Diversity-Connected Graph Convolutional Network for Hyperspectral Image Classification

Hyperspectral image classification methods based on the graph convolutional network (GCN) have received more attention because they can handle irregular regions by graph encoding techniques. However, GCN-based HSI classification methods are highly sensitive to the quality of the graph structure. Its performance degrades in the case of underdeveloped graphs because it cannot excavate the intrinsic adjacency relationships. Thus, it is necessary to improve the quality of graph structure in GCN-based methods. In this paper, a novel diversity-connected graph convolutional network (DCGCN) method is proposed to improve the quality of the graph structure for HSI classification, and its basic idea can be adopted by other GCN-based methods.
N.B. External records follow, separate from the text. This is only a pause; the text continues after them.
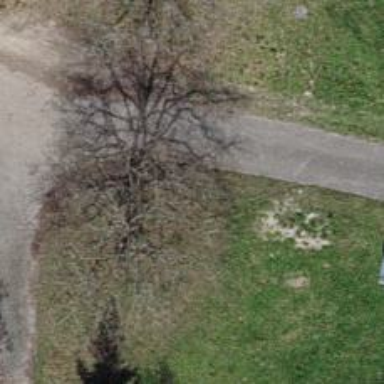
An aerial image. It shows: Beautiful tree in nature.
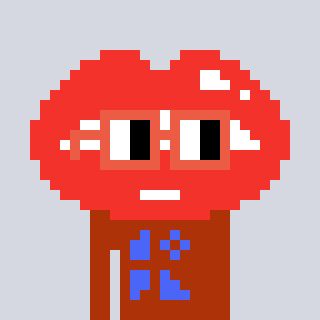
a pixel art character with square orange glasses, a lips-shaped head and a hotbrown-colored body on a cool background
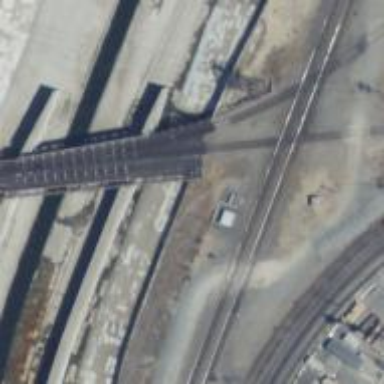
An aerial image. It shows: Disused railway bridge.
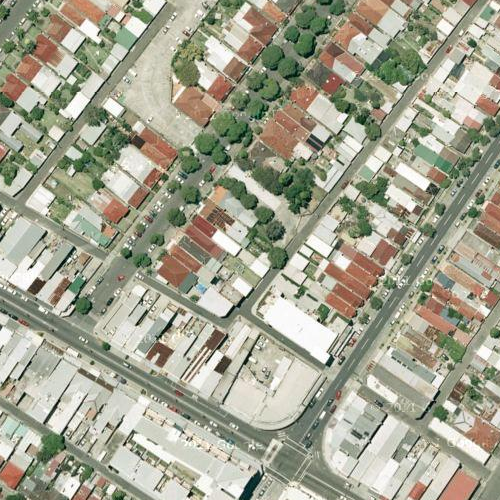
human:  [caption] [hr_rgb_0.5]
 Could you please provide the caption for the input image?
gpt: Many houses arranged neatly while many plants on the roadside .

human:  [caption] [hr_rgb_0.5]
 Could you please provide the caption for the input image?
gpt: A residential area and a warehouse district are separated by a road .

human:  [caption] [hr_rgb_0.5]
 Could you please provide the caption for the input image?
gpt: A residential area with houses arranged neatly and some roads go through this area .

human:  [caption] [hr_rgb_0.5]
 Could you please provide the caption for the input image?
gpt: A residential area and a warehouse district are separated by a road .

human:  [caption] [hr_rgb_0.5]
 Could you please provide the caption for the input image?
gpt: Many houses arranged neatly and a warehouse district are separated by a road .
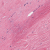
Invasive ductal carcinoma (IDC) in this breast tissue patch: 1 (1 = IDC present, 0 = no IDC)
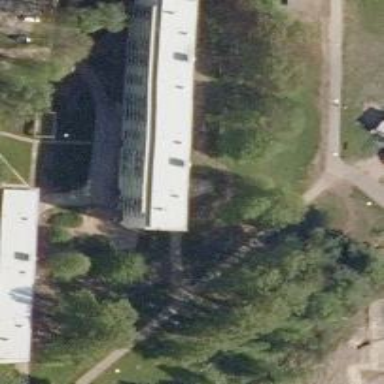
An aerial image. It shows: Footway tunnel passing through building.
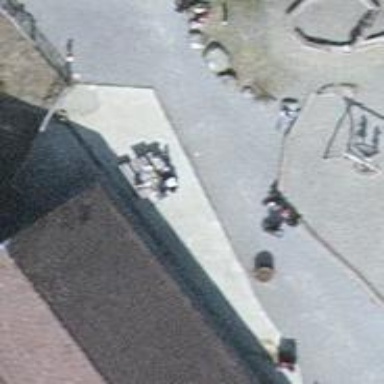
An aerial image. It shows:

First, the potential neighbors are excavated by performing topological extensions based on the given graph. The diversity of surrounding neighbors is maintained by adaptively smoothing operation via a global threshold value from Kullback-Leibler divergence to eliminate weak interclass connections caused by weakly spectral variability. Second, another key connectivity restriction is imposed on the diverse neighbors to further refine the ambiguous connections of hard samples aiming at removing strong interclass connections where the spectral information is heavily confounded. Finally, the DCGCN method is analyzed theoretically to demonstrate its low-pass filter property. The comprehensive experiments demonstrate the effectiveness of the proposed DCGCN method and the basic idea of the diversity-connected graph in terms of overall accuracy (OA), kappa coefficient (KC), average accuracy (AA) indexes.